Во-вторых, наличие политических ограничений, консерватизм социально-политической структуры, включая сохранение и упрочение существующих форм социальной стратификации. Это находило проявление и в системе государственного управления, и в логике существующих общественных структур, и во вмешательстве государства в хозяйственные процессы. Наиболее жестко это выразил многолетний министр финансов Николая I и активнейший борец с новыми веяниями Е. Ф.Канкрин, который писал: «Иногда говорят, что собственник лучше всех знает, как использовать свое имущество. Разумеется, в своих интересах, но не интересах целого, которому, однако, должна быть подчинена всякая собственность, поскольку лишь при этом основном условии может вообще состояться собственность»[23]. Эта фраза является отражением этатизма как мировоззрения применительно к экономической политике, став одним из оснований противостояния между этатистским и либеральным (идущим от приоритета частного интереса) подходами, в полной мере сохраняющегося вплоть до настоящего времени.

В-третьих, формировался определенный тип образования, чуждый поиску и творчеству, что было необходимо в условиях ускорявшегося темпа общественных (в том числе экономических) изменений. Суть образовательной доктрины наиболее четко выразил тогда министр народного просвещения К. А.Ливен: «Для государства и человечества было бы лучше, если бы люди менее стремились учить и управлять, чем повиноваться и точно исполнять установленные правила».

Наконец, в-четвертых, власть всячески стремилась ограничить контакты с Западом. Паспорта для выезда за рубеж выдавались с большими бюрократическими проволочками и стоили очень дорого.
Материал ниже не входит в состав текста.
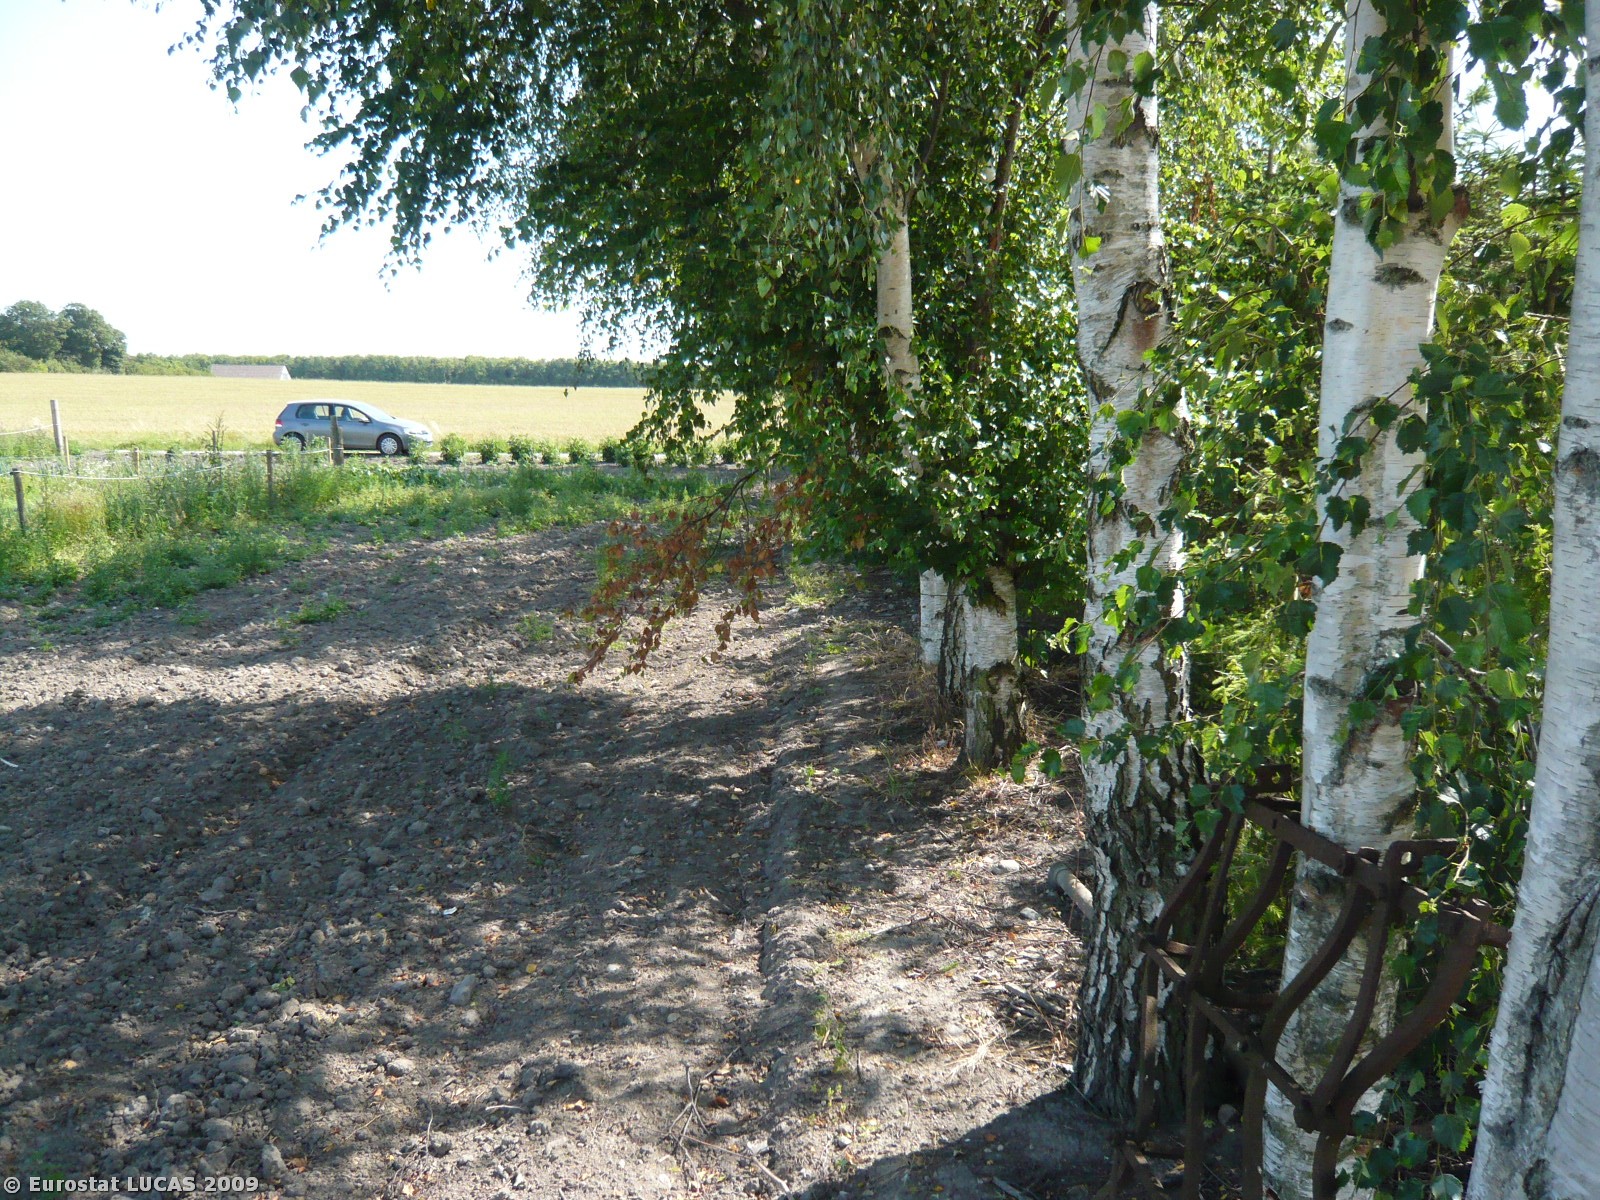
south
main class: Cropland
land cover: Barley
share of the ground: > 75 %
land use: Agriculture (excluding fallow land and kitchen gardens)
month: July
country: DK
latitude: 55.7301
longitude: 11.4477
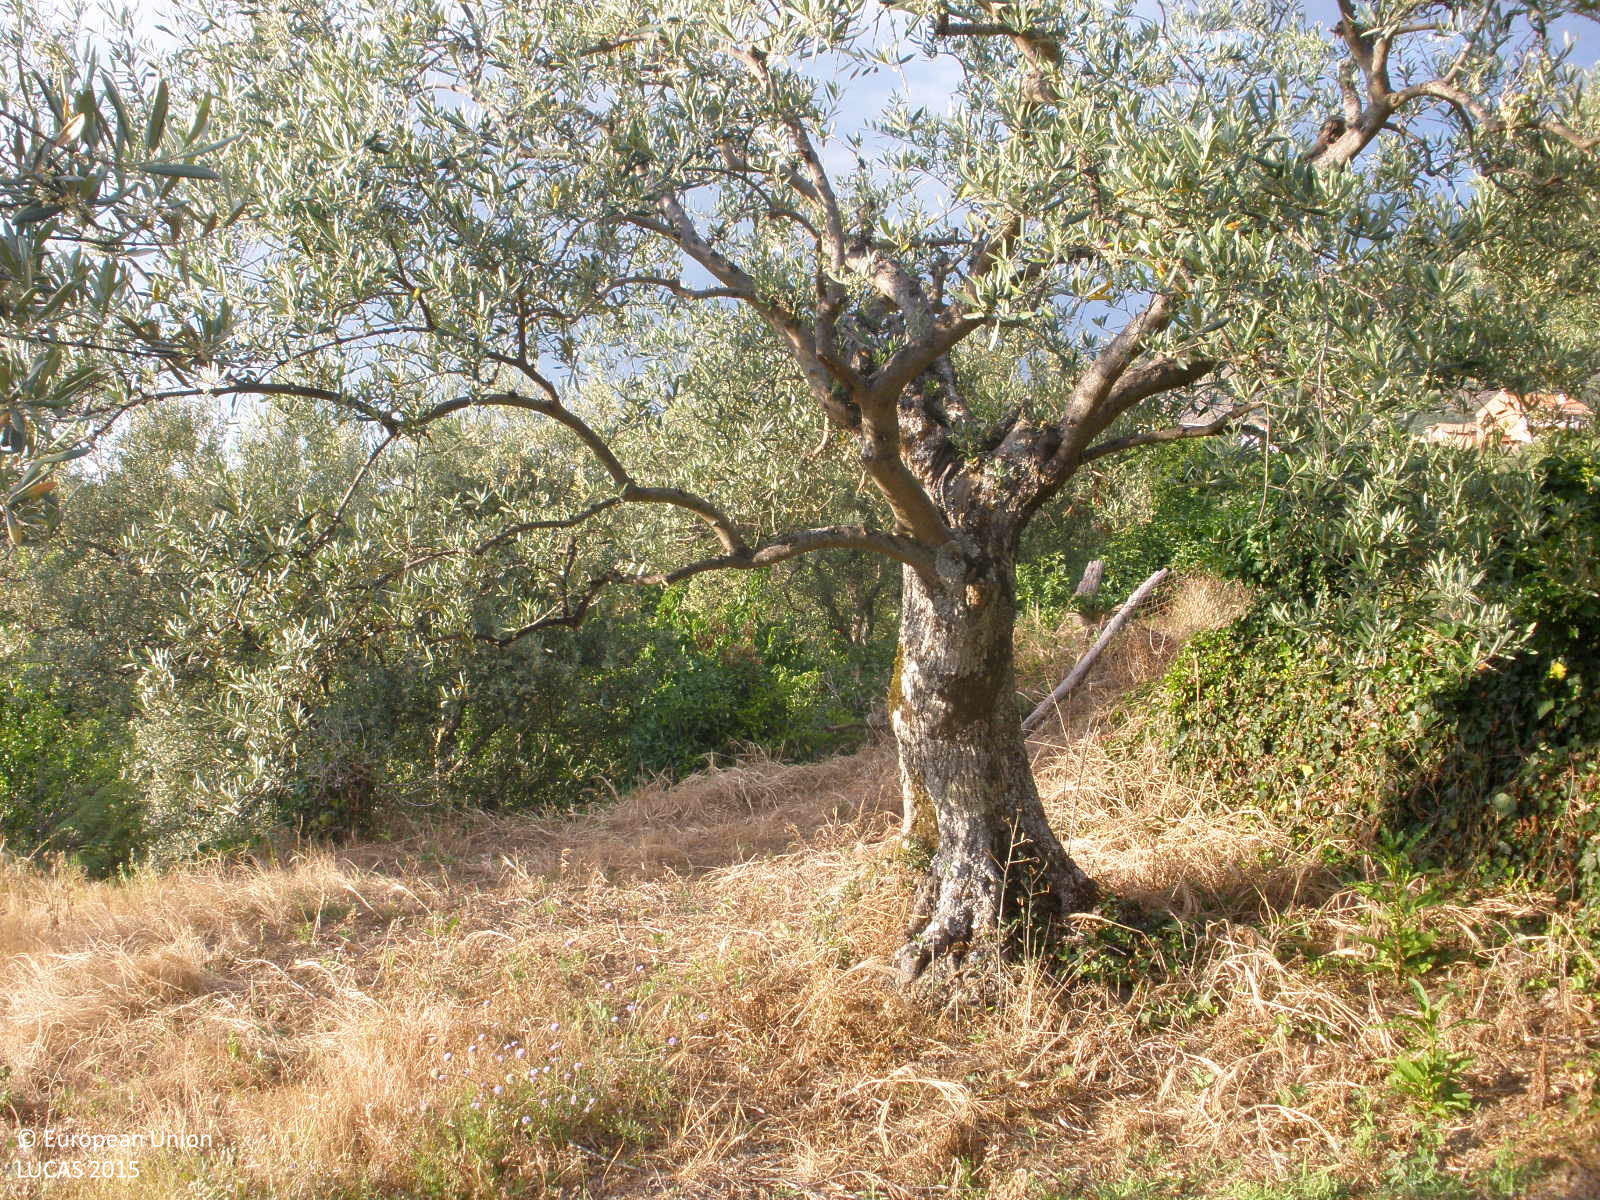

Эта политика должна была обеспечивать стабильность и порядок. И она обеспечивала стабильность и порядок на протяжении довольно длительного времени, не допуская развертывания модернизационных процессов. Тем более, что охранительно-консервативная модель модернизации воспринималась как способ недопущения революционных эксцессов. Однако на практике это привело к катастрофическим последствиям – как с точки зрения внутренних вызовов, так и в международном позиционировании России. Результатом торможения модернизации стало «ужасное зрелище страны… где… нет не только никаких гарантий для личности, чести и собственности, но нет даже и полицейского порядка, а есть только огромные корпорации разных служебных воров и грабителей»[24]. Тот же комплекс причин привел и к поражению в Крымской войне. Впрочем, это не стало уроком для российской власти. Новые попытки торможения модернизации (начала XX века и 1970-х годов) привели к еще более тяжелым последствиям, обернувшись системным кризисом и последующим распадом страны.

Но вернемся к реформам середины XIX столетия.

Исходным пунктом реформ 1860-х годов являлось понимание взаимосвязи экономических и политических преобразований, что фактически означало признание необходимости комплексного подхода к модернизации. Пожалуй, наиболее четко это выразил И. К.Бабст, который писал в 1856 году: «Трудно себе представить, до какой степени дурная администрация, отсутствие безопасности, произвольные поборы, грабительство, дурные учреждения действуют губительно на бережливость, накопление, а вместе с тем и на умножение народного капитала. Междоусобные войны, борьба политических партий, нашествия, мор, голод не могут иметь того гибельного влияния, на народное богатство, как деспотическое и произвольное управление»[25]. Вторая фраза является, несомненно, преувеличением, однако цель ее вполне понятна – выделить особую опасность дурного управления, которая, вроде бы, в большей мере зависит от эффективности властей, нежели мора и войны. Важным является в этом тезисе вытекающая из него приоритетность политико-правовых преобразований по отношению к экономическим.